Records from a data collection
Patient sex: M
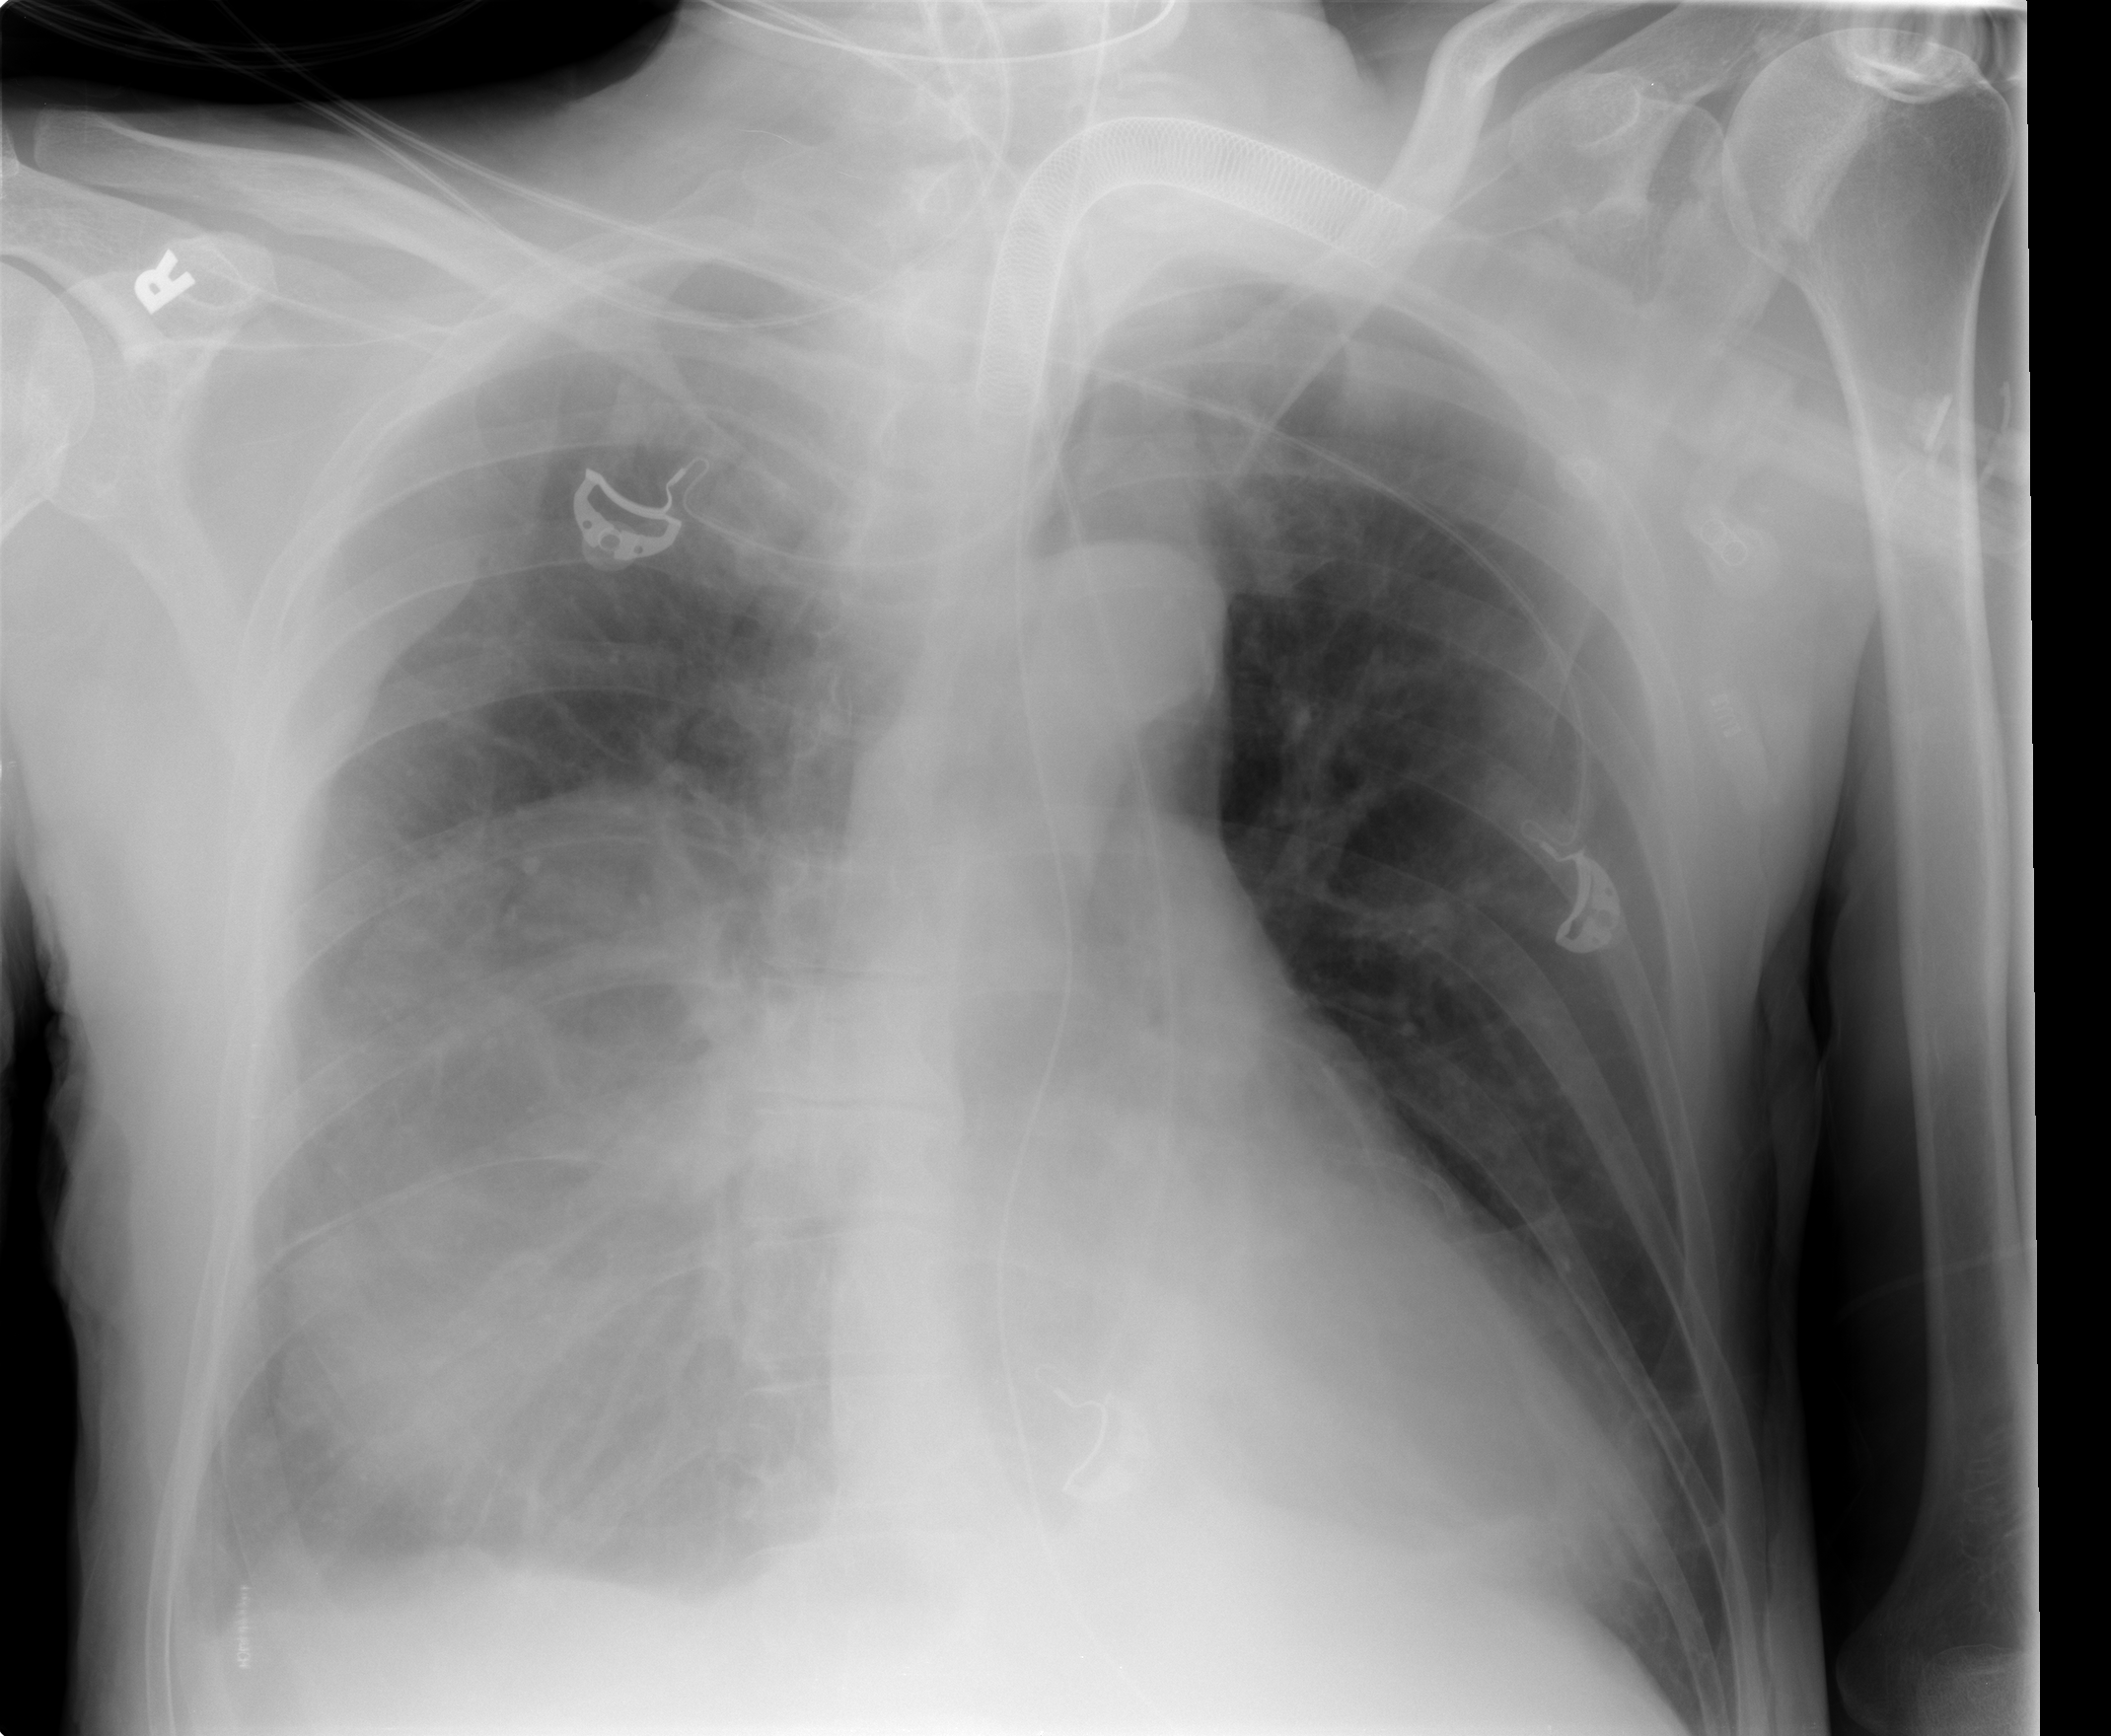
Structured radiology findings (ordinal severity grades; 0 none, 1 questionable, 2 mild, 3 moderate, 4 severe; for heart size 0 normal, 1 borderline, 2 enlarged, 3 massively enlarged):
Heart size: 0
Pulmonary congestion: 0
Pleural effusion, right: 2
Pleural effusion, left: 0
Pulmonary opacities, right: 2
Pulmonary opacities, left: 0
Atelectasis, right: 2
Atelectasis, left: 2
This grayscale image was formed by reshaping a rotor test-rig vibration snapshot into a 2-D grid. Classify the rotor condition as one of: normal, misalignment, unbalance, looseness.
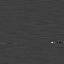
Answer: normal
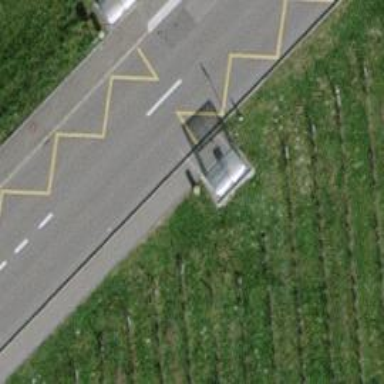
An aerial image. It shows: Bus stop with shelter.

_Work instruction:_
Please give the entries again word for word, without any pictures.

_Solution to the problem:_
Patient sex: M
Structured radiology findings (ordinal severity grades; 0 none, 1 questionable, 2 mild, 3 moderate, 4 severe; for heart size 0 normal, 1 borderline, 2 enlarged, 3 massively enlarged):
Heart size: 0
Pulmonary congestion: 0
Pleural effusion, right: 2
Pleural effusion, left: 0
Pulmonary opacities, right: 2
Pulmonary opacities, left: 0
Atelectasis, right: 2
Atelectasis, left: 2
This grayscale image was formed by reshaping a rotor test-rig vibration snapshot into a 2-D grid. Classify the rotor condition as one of: normal, misalignment, unbalance, looseness.
Answer: normal
An aerial image. It shows: Bus stop with shelter.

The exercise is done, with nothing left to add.